The latest in a series of transformative studies of DNA from prehistoric Europeans focuses on mitochondrial DNA, bringing fresh surprises and filling in important details of the early stages of a European ancestry stretching back more than 40,000 years.
Titre de la review
Paléogénomique : mitogénomes et migrations dans le passé de l'Europe
Paléogénomique : mitogénomes et migrations dans le passé de l'Europe
Résumé de la review
Les auteurs nous proposent un commentaire de la dernière étude de Posth et collaborateurs sur l’ADN mitochondrial des Européens préhistoriques.
Les nouvelles découvertes sont replacées dans le contexte par le rappel des grandes questions posées dans cette controverse. De nombreuses autres études sont intégrées à cette analyse, proposant au lecteur une revue des connaissances actuelles sur un large cadre temporel : de la sortie d’Afrique des premiers hommes modernes jusqu’à la transition vers l’agriculture il y a 8000 ans.

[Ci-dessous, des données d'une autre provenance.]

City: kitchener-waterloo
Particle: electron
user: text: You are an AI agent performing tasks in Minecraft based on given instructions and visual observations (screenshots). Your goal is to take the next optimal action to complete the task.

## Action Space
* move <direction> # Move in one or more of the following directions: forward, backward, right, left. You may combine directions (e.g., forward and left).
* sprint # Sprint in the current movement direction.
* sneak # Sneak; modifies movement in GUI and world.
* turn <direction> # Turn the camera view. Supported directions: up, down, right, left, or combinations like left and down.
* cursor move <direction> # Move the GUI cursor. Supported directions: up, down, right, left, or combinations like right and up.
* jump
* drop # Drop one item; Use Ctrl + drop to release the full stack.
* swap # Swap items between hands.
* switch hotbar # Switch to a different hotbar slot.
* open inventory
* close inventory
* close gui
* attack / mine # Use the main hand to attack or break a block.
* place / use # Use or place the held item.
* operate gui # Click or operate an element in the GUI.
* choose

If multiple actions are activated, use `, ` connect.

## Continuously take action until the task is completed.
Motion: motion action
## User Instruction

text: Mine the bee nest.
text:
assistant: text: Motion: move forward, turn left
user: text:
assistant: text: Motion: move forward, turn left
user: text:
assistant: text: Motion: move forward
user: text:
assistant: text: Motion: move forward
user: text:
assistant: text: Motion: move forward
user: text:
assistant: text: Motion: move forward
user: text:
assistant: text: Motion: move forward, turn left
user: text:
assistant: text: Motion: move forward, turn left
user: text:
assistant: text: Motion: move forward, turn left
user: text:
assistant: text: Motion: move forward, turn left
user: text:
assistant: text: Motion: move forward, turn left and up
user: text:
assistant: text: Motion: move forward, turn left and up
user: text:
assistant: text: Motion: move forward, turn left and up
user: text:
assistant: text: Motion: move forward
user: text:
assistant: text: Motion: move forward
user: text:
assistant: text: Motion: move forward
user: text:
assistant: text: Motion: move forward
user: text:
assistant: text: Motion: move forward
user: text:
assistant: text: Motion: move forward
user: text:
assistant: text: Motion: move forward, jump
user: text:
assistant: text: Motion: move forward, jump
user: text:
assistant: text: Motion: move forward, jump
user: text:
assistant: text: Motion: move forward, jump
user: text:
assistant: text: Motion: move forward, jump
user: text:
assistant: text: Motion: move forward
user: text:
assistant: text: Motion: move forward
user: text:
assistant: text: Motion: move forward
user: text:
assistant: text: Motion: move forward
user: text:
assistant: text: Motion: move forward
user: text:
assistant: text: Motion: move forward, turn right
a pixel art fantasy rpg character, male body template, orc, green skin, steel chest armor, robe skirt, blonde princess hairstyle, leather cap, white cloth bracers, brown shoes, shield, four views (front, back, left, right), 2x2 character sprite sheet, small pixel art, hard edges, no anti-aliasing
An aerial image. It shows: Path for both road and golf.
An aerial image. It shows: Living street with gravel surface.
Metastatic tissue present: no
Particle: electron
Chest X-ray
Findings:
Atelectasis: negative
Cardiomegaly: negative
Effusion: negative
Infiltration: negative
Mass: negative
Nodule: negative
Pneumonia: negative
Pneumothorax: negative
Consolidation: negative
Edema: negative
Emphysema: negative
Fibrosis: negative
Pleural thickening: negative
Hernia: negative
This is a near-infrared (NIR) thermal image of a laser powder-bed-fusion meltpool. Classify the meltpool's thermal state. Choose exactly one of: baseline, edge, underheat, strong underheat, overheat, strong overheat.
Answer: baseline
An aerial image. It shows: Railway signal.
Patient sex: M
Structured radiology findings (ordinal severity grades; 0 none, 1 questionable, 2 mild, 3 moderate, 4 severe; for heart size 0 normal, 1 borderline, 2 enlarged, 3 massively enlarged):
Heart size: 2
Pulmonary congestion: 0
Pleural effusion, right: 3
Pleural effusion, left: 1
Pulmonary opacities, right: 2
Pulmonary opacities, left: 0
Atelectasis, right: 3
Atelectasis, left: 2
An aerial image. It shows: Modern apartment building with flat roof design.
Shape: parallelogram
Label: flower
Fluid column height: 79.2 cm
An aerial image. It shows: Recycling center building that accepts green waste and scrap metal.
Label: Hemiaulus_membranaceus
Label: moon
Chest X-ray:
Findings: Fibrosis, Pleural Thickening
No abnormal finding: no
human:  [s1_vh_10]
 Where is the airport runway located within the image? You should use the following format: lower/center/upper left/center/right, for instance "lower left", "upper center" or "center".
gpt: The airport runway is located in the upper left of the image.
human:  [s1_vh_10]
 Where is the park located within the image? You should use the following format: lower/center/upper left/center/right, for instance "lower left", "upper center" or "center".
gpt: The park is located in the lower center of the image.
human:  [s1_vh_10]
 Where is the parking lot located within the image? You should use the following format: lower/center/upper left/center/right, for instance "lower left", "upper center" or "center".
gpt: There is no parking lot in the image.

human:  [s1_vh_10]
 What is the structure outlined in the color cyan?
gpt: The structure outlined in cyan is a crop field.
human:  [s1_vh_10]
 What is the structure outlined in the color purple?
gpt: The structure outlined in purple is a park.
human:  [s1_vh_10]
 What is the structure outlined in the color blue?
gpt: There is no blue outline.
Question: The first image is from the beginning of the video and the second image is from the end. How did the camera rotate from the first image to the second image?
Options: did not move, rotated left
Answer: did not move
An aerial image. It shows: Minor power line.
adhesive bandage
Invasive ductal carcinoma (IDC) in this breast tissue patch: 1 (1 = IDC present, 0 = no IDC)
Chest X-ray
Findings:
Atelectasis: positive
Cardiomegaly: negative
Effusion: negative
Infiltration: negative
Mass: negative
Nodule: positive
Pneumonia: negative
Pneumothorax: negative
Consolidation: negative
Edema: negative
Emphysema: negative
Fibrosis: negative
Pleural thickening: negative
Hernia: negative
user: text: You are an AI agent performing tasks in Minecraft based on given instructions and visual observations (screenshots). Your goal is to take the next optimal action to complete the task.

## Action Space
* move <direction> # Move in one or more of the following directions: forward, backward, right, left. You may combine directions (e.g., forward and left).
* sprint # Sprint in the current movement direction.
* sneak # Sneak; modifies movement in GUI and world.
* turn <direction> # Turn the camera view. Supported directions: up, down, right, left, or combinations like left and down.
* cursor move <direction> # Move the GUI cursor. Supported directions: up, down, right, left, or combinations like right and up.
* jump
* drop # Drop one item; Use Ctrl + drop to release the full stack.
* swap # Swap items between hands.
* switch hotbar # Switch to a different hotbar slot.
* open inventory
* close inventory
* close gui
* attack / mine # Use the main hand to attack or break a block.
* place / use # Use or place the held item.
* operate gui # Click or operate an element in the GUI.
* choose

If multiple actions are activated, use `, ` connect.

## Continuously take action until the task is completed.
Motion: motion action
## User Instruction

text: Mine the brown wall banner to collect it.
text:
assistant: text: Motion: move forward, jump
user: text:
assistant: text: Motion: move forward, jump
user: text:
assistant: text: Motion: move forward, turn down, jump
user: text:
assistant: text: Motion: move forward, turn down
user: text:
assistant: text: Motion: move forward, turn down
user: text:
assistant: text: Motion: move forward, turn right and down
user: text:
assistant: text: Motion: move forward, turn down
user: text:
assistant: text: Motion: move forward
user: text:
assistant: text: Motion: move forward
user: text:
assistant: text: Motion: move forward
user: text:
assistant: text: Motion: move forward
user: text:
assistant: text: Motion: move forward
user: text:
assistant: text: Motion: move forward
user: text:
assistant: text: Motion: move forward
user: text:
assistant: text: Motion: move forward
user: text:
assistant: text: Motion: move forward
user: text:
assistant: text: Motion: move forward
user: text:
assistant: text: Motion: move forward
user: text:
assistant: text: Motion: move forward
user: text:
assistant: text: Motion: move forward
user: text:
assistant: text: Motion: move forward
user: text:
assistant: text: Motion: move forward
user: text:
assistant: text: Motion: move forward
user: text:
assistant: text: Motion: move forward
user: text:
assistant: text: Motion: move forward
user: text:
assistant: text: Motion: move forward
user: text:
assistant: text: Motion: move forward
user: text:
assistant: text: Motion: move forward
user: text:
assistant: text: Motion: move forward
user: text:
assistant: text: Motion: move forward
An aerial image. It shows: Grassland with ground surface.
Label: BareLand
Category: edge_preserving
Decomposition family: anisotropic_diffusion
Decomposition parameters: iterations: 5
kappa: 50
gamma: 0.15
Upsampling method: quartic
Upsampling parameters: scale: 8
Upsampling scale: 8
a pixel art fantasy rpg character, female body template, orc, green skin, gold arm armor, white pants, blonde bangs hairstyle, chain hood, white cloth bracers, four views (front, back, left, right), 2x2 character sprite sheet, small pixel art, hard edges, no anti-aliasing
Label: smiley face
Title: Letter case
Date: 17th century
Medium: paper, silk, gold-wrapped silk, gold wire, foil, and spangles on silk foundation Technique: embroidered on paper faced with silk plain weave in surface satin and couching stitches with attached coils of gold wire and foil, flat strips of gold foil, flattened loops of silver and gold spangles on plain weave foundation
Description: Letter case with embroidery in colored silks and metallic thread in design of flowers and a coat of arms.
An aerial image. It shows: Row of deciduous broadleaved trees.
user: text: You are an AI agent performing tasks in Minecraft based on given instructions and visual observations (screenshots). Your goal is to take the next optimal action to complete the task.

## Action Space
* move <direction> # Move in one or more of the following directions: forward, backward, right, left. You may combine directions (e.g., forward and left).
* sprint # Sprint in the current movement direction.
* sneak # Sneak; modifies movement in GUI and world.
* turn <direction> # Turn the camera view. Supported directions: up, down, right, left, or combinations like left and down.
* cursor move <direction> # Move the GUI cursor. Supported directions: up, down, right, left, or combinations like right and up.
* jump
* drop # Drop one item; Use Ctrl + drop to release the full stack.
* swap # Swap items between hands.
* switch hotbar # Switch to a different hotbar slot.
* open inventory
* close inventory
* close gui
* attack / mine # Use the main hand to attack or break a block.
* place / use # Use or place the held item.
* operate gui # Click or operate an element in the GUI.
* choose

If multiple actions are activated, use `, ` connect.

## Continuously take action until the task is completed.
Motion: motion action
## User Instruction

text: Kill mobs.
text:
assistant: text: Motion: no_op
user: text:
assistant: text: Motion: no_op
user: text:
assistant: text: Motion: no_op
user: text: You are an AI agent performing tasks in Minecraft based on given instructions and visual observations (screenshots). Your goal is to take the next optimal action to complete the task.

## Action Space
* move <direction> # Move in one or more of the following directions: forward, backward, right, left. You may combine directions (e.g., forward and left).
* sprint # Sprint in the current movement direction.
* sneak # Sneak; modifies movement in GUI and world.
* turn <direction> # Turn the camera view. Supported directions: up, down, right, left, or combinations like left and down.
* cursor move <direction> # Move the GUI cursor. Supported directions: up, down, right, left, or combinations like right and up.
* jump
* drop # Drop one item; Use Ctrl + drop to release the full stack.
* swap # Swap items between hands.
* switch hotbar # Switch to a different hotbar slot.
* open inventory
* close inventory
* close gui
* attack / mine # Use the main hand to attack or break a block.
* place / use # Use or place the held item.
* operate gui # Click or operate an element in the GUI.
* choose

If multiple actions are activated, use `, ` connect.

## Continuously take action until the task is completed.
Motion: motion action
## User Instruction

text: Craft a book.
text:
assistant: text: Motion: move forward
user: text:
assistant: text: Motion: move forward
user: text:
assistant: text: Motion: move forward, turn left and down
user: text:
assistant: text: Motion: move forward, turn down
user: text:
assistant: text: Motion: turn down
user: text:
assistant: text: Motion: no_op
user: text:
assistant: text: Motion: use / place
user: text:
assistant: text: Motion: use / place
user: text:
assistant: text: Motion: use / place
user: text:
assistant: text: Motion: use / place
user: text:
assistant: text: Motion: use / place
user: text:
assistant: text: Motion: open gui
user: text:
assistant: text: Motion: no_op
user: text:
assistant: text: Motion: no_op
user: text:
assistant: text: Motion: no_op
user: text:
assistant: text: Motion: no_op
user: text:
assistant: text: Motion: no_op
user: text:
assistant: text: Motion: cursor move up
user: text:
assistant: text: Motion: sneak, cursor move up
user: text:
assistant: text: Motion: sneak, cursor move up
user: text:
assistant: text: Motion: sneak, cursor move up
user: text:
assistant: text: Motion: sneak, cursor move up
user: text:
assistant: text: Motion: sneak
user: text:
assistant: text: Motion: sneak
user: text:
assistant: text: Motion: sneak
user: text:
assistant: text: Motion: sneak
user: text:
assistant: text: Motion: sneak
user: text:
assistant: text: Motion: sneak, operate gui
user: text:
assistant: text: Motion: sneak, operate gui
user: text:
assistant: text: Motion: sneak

Les résultats de l’étude de Posth montrent la présence d’une nouvelle branche de l’haplotype M (noté ici M0) chez 3 individus au Paléolithique supérieur d’Europe.
Deux hypothèses pour M et N :
1. M et N apparaissent et se dispersent ensemble (Mellars et al., 2013)
2. M apparait plus tard et n’est pas présent lors de la première dispersion
(basée sur une estimation d’âge pour N et R qui seraient plus vieux que M et sur le fait que N et R sont distribués globalement hors d’Afrique alors que M est presque absent d’Europe (Richards et al., 2000)).
Posth et ses collègues montrent que M et N ont le même âge (environ 50 000 ans) par la découverte de M0 en Europe. Ce qui sous-entend une dispersion à la fois dans l'Eurasie de l'Ouest et de l'Est au même moment, après environ 55 mille ans (1).
Cette découverte s’accorde avec la distribution d’une autre branche de M, M1 uniquement présente en Afrique du Nord et de l’Est (Olivieri et al., 2006) dont l’ancêtre eurasiatique pourrait être M0 (35-27 milles ans).
M1 et M0 sont les seuls représentants de M dans leur contexte géographique, on en retrouve beaucoup plus en Inde (Mellars et al., 2013). Cela suggère, en plus de l’hypothèse 1, une dispersion de M0 d'Asie occidentale, en parallèle avec M1 (Figure 1) et, plus tard, une propagation de M0 (avec l'haplogroupe U5) en Europe et M1 (avec l'haplogroupe U6) en Afrique du Nord (Figure 1).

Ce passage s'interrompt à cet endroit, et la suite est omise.